- [Exercise aim]: There are pictures in the records below; leave them out and set down exactly the lines from the one holding "Q: Is the text underlined? A: No." through the one holding "Is this a sans?".

- [Given data]:
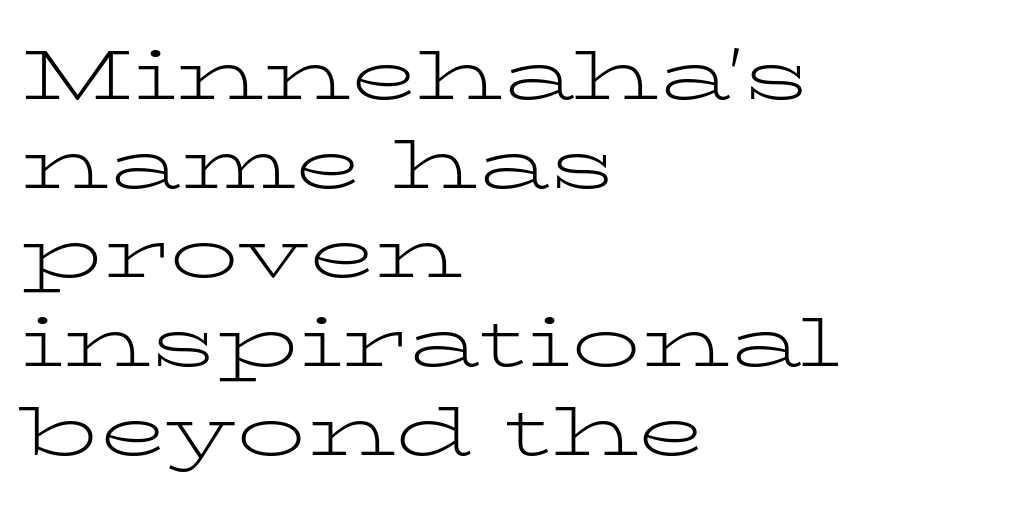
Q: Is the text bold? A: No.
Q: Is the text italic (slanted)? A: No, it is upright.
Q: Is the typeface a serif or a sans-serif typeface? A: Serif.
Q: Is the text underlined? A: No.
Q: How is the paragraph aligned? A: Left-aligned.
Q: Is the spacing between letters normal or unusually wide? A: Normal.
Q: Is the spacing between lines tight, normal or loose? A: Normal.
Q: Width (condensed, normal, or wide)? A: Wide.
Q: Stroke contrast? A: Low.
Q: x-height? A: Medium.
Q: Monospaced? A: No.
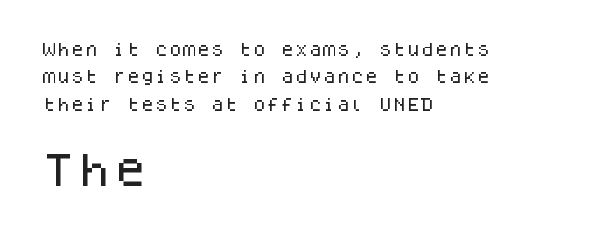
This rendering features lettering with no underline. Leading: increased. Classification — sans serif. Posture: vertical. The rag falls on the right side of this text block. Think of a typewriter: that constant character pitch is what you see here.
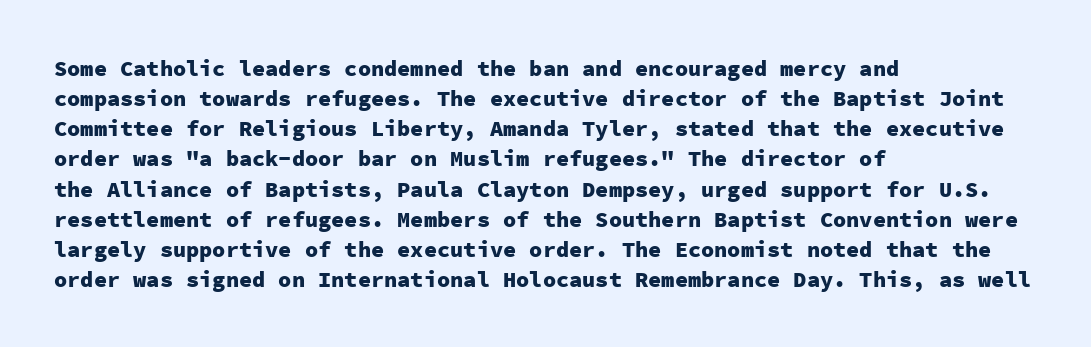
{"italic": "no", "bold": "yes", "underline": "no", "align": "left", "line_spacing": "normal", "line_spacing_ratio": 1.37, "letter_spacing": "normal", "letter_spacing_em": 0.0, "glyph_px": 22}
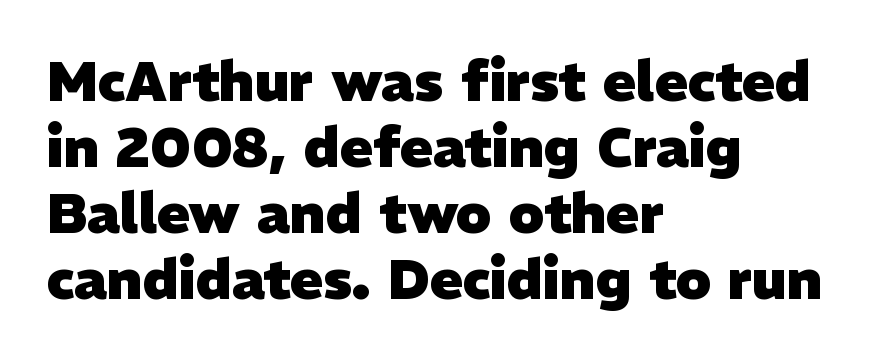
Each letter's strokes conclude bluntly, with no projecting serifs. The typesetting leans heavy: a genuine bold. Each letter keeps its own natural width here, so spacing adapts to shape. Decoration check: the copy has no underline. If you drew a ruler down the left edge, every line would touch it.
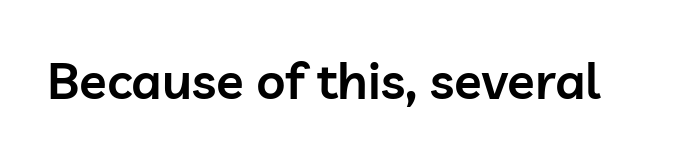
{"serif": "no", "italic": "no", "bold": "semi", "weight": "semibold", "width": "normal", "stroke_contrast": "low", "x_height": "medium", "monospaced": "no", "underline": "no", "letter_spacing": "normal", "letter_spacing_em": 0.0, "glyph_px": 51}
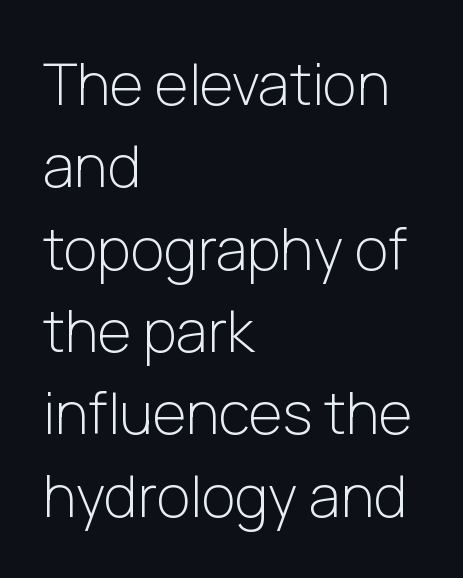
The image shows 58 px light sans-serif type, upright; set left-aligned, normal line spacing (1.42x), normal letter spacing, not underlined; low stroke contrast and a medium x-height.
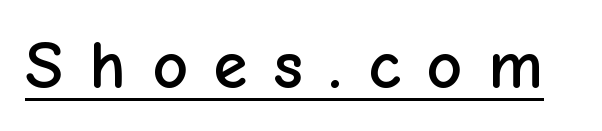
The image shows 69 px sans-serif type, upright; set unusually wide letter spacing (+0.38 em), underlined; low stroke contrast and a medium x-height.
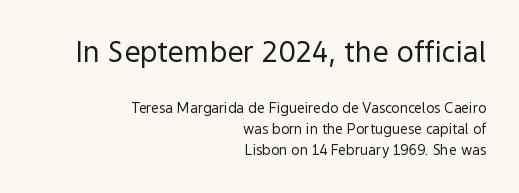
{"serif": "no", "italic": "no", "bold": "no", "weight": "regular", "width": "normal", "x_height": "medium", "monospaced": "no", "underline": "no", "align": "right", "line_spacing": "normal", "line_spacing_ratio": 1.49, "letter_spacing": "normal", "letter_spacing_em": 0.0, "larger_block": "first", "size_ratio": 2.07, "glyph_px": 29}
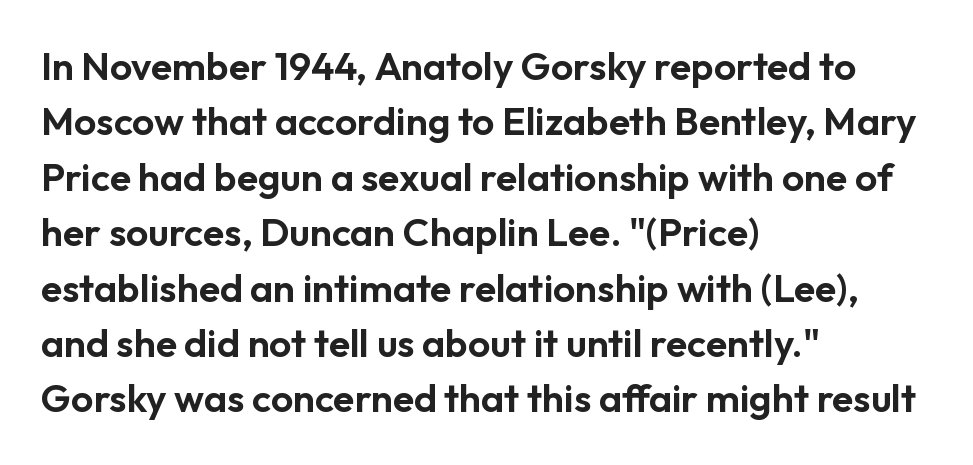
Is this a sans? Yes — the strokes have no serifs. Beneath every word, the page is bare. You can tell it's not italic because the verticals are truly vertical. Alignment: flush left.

==

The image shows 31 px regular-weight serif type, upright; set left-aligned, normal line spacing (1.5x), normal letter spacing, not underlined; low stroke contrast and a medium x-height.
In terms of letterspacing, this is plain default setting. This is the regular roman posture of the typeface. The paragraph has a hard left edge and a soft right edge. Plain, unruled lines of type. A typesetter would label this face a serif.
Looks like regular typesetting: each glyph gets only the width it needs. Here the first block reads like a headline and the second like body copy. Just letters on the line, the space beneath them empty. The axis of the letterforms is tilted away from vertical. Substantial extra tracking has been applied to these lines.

- [Expected answer]:
Q: Is the text underlined? A: No.
Q: How is the paragraph aligned? A: Left-aligned.
Q: Is the spacing between letters normal or unusually wide? A: Normal.
Q: Is the spacing between lines tight, normal or loose? A: Normal.
Q: Width (condensed, normal, or wide)? A: Wide.
Q: Stroke contrast? A: Low.
Q: x-height? A: Medium.
Q: Monospaced? A: No.
This rendering features lettering with no underline. Leading: increased. Classification — sans serif. Posture: vertical. The rag falls on the right side of this text block. Think of a typewriter: that constant character pitch is what you see here.
{"italic": "no", "bold": "yes", "underline": "no", "align": "left", "line_spacing": "normal", "line_spacing_ratio": 1.37, "letter_spacing": "normal", "letter_spacing_em": 0.0, "glyph_px": 22}
Each letter's strokes conclude bluntly, with no projecting serifs. The typesetting leans heavy: a genuine bold. Each letter keeps its own natural width here, so spacing adapts to shape. Decoration check: the copy has no underline. If you drew a ruler down the left edge, every line would touch it.
{"serif": "no", "italic": "no", "bold": "semi", "weight": "semibold", "width": "normal", "stroke_contrast": "low", "x_height": "medium", "monospaced": "no", "underline": "no", "letter_spacing": "normal", "letter_spacing_em": 0.0, "glyph_px": 51}
The image shows 58 px light sans-serif type, upright; set left-aligned, normal line spacing (1.42x), normal letter spacing, not underlined; low stroke contrast and a medium x-height.
The image shows 69 px sans-serif type, upright; set unusually wide letter spacing (+0.38 em), underlined; low stroke contrast and a medium x-height.
{"serif": "no", "italic": "no", "bold": "no", "weight": "regular", "width": "normal", "x_height": "medium", "monospaced": "no", "underline": "no", "align": "right", "line_spacing": "normal", "line_spacing_ratio": 1.49, "letter_spacing": "normal", "letter_spacing_em": 0.0, "larger_block": "first", "size_ratio": 2.07, "glyph_px": 29}
Is this a sans? Yes — the strokes have no serifs. Beneath every word, the page is bare. You can tell it's not italic because the verticals are truly vertical. Alignment: flush left.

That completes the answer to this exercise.